Ceci étant dit, les membres du Tea Party – et du parti républicain – feront face dès cet automne à un challenge majeur. Les Américains sont de plus en plus opposés à des hausses d’impôts et à l’expansion effrénée des prérogatives du gouvernement fédéral. Mais ils ne sont libertariens pas, et certainement pas pour un refoulement massif du gouvernement fédéral. Même les individus se considérant eux-mêmes comme des membres Tea Party semblent, pour la plupart, refuser de toucher aux vaches sacrées que sont Medicare et Medicaid.

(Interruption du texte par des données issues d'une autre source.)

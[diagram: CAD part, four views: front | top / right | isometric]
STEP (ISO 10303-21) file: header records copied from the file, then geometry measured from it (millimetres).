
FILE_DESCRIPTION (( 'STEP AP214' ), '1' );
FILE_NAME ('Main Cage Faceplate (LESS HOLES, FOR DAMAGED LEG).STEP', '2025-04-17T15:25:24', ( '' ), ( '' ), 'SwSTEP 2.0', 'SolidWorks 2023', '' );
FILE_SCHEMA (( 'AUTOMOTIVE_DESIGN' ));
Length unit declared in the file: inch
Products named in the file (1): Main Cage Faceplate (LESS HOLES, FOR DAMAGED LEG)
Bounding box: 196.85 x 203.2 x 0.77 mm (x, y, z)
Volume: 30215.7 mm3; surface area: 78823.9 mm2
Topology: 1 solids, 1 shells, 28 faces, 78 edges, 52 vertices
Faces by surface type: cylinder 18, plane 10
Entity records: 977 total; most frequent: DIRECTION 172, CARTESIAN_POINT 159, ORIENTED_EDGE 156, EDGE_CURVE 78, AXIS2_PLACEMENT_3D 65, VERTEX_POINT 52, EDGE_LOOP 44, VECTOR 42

Rand Paul est bien tombé dans ce piège, quand il est venu à la télévision et qu’il a admis qu’il était profondément sceptique concernant les dispositions du Civil Rights Act de 1964 interdisant la discrimination dans les affaires privées au prétexte qu’elles constituent une interférence injustifiée de l’Etat dans le monde des affaires. Paul n’est pas raciste et en fait il dit être opposé à l’abrogation du Civil Rights Acts de 1964, mais c’est précisément sa position philosophique en faveur d’un rôle très limité du gouvernement qui posera problème à la fois pour la candidature et, le cas échéant, la gouvernance républicaine.

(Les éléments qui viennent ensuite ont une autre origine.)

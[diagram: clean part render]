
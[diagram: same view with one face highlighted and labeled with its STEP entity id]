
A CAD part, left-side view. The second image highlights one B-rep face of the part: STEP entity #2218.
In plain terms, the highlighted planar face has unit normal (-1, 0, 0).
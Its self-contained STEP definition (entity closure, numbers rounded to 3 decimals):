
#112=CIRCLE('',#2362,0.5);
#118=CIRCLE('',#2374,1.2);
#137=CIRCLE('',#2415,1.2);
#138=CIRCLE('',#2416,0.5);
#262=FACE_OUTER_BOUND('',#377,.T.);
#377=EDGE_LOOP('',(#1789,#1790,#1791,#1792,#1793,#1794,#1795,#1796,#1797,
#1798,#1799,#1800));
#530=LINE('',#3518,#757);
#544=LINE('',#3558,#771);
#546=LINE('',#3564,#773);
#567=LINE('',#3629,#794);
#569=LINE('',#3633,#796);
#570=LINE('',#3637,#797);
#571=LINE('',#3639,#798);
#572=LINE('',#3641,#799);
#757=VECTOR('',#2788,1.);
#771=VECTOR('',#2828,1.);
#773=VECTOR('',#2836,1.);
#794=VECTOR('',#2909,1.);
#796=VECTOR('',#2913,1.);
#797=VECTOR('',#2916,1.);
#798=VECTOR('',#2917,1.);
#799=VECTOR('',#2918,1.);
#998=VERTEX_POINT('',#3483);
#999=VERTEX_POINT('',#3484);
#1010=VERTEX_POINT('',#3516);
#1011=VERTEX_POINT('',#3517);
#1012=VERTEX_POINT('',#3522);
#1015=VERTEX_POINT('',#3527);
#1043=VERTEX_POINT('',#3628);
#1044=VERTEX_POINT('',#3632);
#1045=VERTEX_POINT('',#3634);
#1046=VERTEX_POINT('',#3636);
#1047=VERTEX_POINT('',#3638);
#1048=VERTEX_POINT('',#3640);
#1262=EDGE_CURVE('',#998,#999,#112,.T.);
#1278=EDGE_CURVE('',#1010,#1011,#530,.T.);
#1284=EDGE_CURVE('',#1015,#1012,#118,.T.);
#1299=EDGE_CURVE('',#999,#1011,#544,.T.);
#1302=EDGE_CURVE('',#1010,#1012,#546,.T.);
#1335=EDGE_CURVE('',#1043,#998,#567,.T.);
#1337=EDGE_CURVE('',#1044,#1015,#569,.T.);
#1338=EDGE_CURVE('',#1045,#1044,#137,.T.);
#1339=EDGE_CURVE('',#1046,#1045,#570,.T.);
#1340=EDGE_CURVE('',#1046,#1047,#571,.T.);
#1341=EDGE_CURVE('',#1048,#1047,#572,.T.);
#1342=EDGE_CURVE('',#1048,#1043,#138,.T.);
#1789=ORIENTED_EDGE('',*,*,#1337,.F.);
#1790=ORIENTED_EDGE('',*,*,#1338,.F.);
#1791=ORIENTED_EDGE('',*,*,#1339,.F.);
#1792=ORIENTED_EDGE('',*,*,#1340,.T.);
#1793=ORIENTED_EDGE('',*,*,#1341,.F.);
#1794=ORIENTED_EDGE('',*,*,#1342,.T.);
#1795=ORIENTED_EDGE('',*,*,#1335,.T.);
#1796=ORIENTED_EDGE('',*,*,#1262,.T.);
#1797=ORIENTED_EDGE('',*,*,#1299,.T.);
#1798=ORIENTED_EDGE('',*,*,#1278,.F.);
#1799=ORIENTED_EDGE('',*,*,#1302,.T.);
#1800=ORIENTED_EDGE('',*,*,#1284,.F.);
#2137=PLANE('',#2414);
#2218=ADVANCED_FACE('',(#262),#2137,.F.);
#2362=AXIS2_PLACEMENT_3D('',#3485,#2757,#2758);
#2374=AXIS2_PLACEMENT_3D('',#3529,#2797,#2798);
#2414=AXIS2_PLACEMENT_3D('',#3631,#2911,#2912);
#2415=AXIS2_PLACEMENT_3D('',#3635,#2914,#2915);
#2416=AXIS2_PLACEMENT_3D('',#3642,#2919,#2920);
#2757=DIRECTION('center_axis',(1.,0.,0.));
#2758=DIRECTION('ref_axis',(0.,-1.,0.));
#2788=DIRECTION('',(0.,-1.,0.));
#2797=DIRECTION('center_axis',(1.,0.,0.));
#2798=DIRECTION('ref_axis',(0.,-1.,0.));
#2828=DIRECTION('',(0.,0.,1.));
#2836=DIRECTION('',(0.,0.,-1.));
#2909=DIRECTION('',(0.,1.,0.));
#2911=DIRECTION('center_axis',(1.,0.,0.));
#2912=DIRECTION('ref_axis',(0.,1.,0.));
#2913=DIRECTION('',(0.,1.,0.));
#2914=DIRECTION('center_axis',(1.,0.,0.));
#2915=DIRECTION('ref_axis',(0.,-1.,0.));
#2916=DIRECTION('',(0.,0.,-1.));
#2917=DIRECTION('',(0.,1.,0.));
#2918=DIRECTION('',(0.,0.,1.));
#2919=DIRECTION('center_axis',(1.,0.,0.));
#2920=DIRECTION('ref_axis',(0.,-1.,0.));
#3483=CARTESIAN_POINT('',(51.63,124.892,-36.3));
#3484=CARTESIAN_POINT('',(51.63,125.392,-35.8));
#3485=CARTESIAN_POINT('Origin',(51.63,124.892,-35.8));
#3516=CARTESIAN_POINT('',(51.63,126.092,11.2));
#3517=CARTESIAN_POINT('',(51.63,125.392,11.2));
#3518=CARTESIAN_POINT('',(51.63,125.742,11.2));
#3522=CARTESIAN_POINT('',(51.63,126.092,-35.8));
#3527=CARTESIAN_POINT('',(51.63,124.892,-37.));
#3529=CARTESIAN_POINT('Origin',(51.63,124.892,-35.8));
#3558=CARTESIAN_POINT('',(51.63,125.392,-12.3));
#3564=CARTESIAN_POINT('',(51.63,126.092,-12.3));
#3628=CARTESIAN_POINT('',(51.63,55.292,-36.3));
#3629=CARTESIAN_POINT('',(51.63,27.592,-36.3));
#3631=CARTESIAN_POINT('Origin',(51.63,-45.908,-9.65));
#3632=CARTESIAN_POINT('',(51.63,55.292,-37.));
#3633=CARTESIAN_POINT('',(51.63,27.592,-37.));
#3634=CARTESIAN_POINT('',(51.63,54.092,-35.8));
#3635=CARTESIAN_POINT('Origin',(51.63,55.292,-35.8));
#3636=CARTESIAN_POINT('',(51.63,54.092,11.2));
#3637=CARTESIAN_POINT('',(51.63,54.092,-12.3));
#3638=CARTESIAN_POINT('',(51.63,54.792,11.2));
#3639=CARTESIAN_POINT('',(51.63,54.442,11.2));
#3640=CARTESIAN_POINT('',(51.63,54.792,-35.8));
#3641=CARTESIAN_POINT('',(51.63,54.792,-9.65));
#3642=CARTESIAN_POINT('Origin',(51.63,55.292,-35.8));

Les activistes et les candidats les plus hardis du Tea Party aspirent à davantage qu’un gouvernement très limité, ce qui n’est pas et ne peut en aucun cas constituer une philosophie réaliste de gouvernement. Simplement, d’un point de vue tactique, ça laisse beaucoup trop d’espace au Président Obama et aux démocrates pour contre-attaquer. Mais, à y regarder de plus près, les Américains ne sont pas libertariens l’ambition des républicains sous Newt Gingrich en 1995-96 de restreindre le champ d’action d’agences fédérales, tels que les départements du commerce et de l‘éducation, n’a jamais convaincu outre-mesure.

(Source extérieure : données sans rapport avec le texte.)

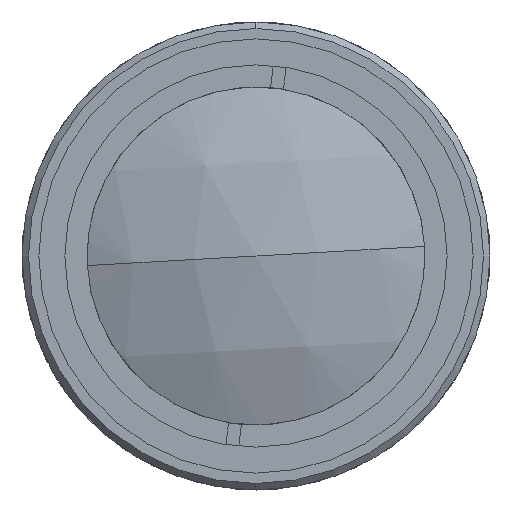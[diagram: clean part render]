
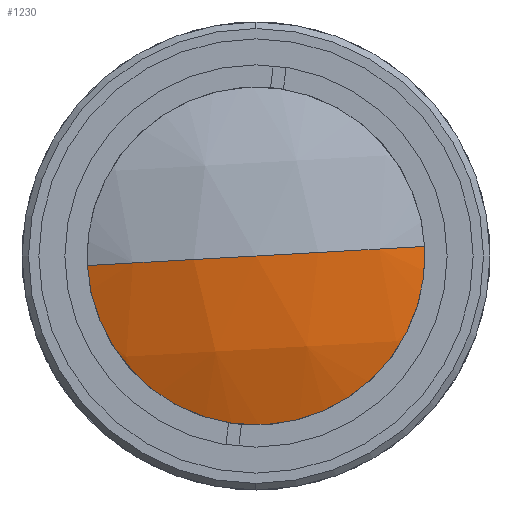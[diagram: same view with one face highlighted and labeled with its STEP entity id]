
A CAD part, left-side view. The second image highlights one B-rep face of the part: STEP entity #1230.
In plain terms, the highlighted spherical face has radius 34.13 mm.
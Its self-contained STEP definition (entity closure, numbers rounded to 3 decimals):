
#126 = CARTESIAN_POINT ( 'NONE',  ( 42.13, 0., 0. ) ) ;
#142 = AXIS2_PLACEMENT_3D ( 'NONE', #996, #970, #3867 ) ;
#165 = CARTESIAN_POINT ( 'NONE',  ( 11.003, -13.977, 0.794 ) ) ;
#341 = SPHERICAL_SURFACE ( 'NONE', #2854, 34.13 ) ;
#851 = EDGE_CURVE ( 'NONE', #4177, #3200, #1795, .T. ) ;
#862 = CARTESIAN_POINT ( 'NONE',  ( 11.003, 13.977, -0.794 ) ) ;
#970 = DIRECTION ( 'NONE',  ( 0., -0.057, -0.998 ) ) ;
#996 = CARTESIAN_POINT ( 'NONE',  ( 42.13, 0., 0. ) ) ;
#1185 = CIRCLE ( 'NONE', #4672, 34.13 ) ;
#1197 = EDGE_CURVE ( 'NONE', #3200, #2656, #4448, .T. ) ;
#1230 = ADVANCED_FACE ( 'NONE', ( #1767 ), #341, .T. ) ;
#1334 = CARTESIAN_POINT ( 'NONE',  ( 42.13, 0., 0. ) ) ;
#1622 = EDGE_CURVE ( 'NONE', #4177, #2656, #1185, .T. ) ;
#1767 = FACE_OUTER_BOUND ( 'NONE', #1926, .T. ) ;
#1782 = DIRECTION ( 'NONE',  ( 0., 0.998, -0.057 ) ) ;
#1795 = CIRCLE ( 'NONE', #4219, 14. ) ;
#1926 = EDGE_LOOP ( 'NONE', ( #4261, #2619, #3672 ) ) ;
#2049 = CARTESIAN_POINT ( 'NONE',  ( 8., 0., 0. ) ) ;
#2460 = DIRECTION ( 'NONE',  ( 0., -0.057, -0.998 ) ) ;
#2619 = ORIENTED_EDGE ( 'NONE', *, *, #1197, .T. ) ;
#2656 = VERTEX_POINT ( 'NONE', #2049 ) ;
#2814 = DIRECTION ( 'NONE',  ( 0., 0.057, 0.998 ) ) ;
#2854 = AXIS2_PLACEMENT_3D ( 'NONE', #1334, #2460, #1782 ) ;
#3104 = DIRECTION ( 'NONE',  ( 0., 0.057, 0.998 ) ) ;
#3167 = DIRECTION ( 'NONE',  ( -1., 0., 0. ) ) ;
#3190 = CARTESIAN_POINT ( 'NONE',  ( 11.003, 0., 0. ) ) ;
#3200 = VERTEX_POINT ( 'NONE', #165 ) ;
#3672 = ORIENTED_EDGE ( 'NONE', *, *, #1622, .F. ) ;
#3867 = DIRECTION ( 'NONE',  ( 0., 0.998, -0.057 ) ) ;
#4080 = DIRECTION ( 'NONE',  ( 0., -0.998, 0.057 ) ) ;
#4177 = VERTEX_POINT ( 'NONE', #862 ) ;
#4219 = AXIS2_PLACEMENT_3D ( 'NONE', #3190, #3167, #2814 ) ;
#4261 = ORIENTED_EDGE ( 'NONE', *, *, #851, .T. ) ;
#4448 = CIRCLE ( 'NONE', #142, 34.13 ) ;
#4672 = AXIS2_PLACEMENT_3D ( 'NONE', #126, #3104, #4080 ) ;

Des baisses d’impôt, oui ; obtenir des budgets équilibrés par la sous-traitance et la fin des gaspillages, oui. Le conservatisme fiscal bénéficie d’un soutien réel et profond en Amérique. Mais le libertarianisme philosophique, même s’il prône un rôle limité de l’Etat tant en politique intérieure que sur la scène extérieure, n’est tout simplement pas en phase avec la plupart des votants américains.

Par conséquent, les activistes du Tea Party auront besoin de trouver et façonner un conservatisme de gouvernement, responsable, qui prendrait en compte le conservatisme propre au peuple américain, mais aussi son aversion pour tout changement radical — qu’il vienne de droite ou de gauche.